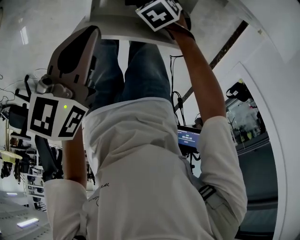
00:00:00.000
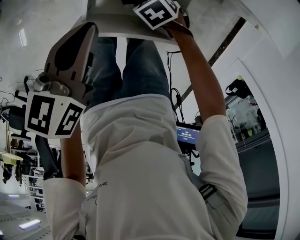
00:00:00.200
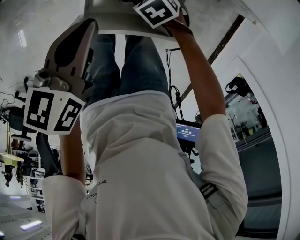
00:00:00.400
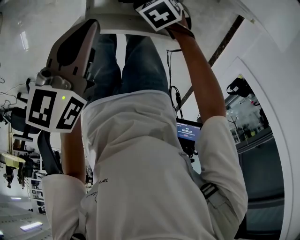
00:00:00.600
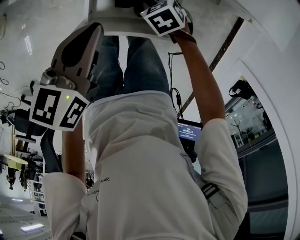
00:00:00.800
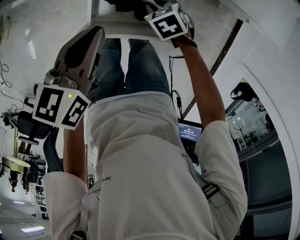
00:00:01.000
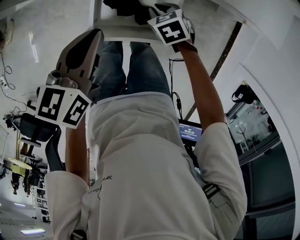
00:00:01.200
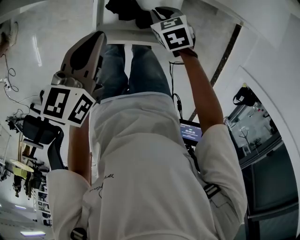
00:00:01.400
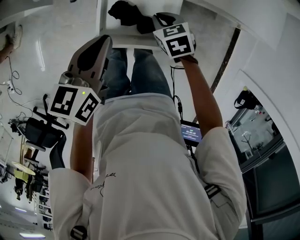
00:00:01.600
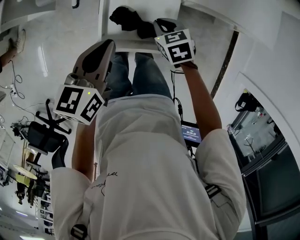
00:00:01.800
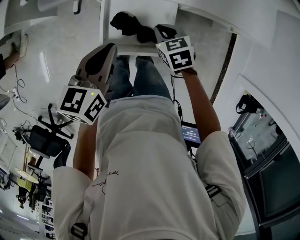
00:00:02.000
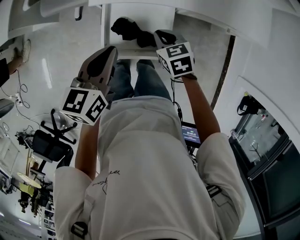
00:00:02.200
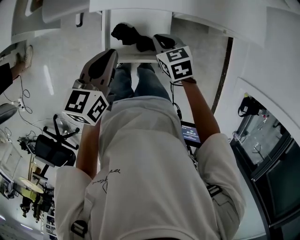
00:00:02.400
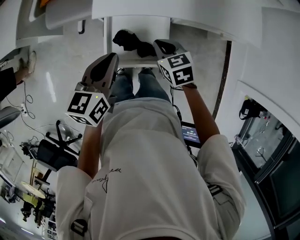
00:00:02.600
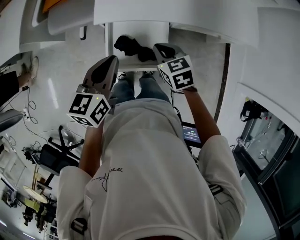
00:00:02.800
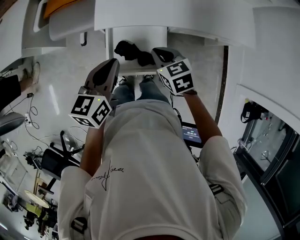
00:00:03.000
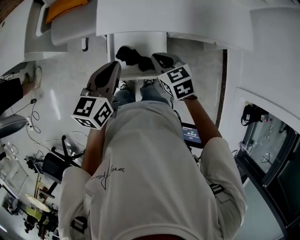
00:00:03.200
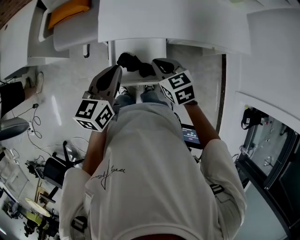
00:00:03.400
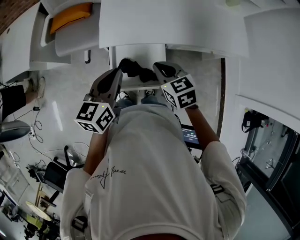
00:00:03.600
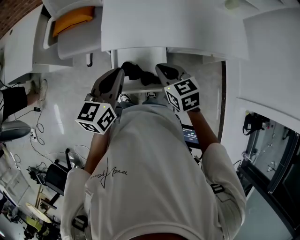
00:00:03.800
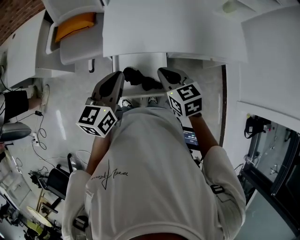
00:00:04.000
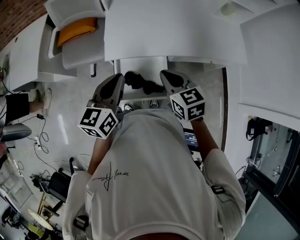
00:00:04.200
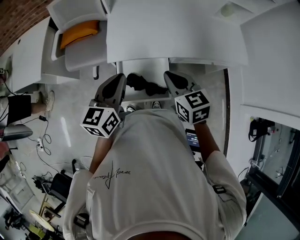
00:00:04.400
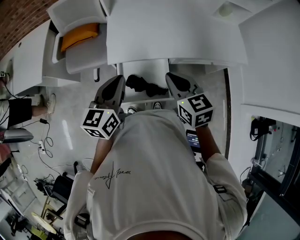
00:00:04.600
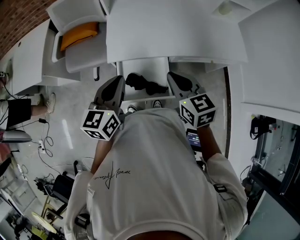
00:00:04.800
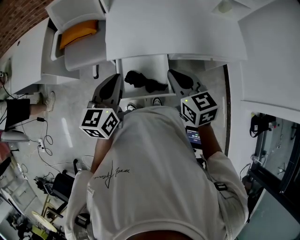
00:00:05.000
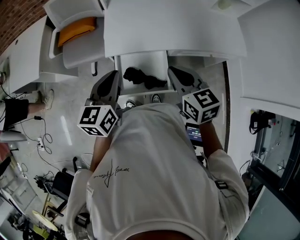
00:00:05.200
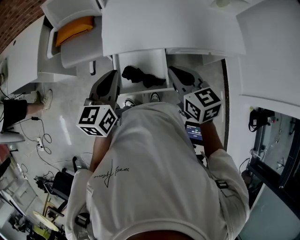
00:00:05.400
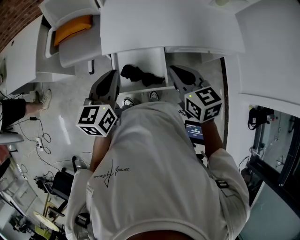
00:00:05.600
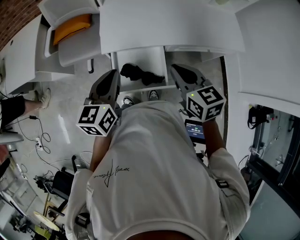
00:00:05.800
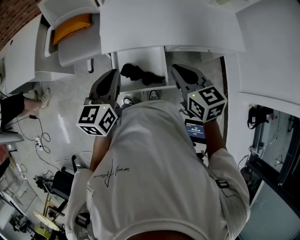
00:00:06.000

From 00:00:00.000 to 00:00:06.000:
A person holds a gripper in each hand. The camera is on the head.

******************************

### What is expected
The required output is the span of lines from the line with "00:00:01.000" through the final line of the listing above, reproduced exactly, minus the pictures.

### Worked solution
00:00:01.000
00:00:01.200
00:00:01.400
00:00:01.600
00:00:01.800
00:00:02.000
00:00:02.200
00:00:02.400
00:00:02.600
00:00:02.800
00:00:03.000
00:00:03.200
00:00:03.400
00:00:03.600
00:00:03.800
00:00:04.000
00:00:04.200
00:00:04.400
00:00:04.600
00:00:04.800
00:00:05.000
00:00:05.200
00:00:05.400
00:00:05.600
00:00:05.800
00:00:06.000

From 00:00:00.000 to 00:00:06.000:
A person holds a gripper in each hand. The camera is on the head.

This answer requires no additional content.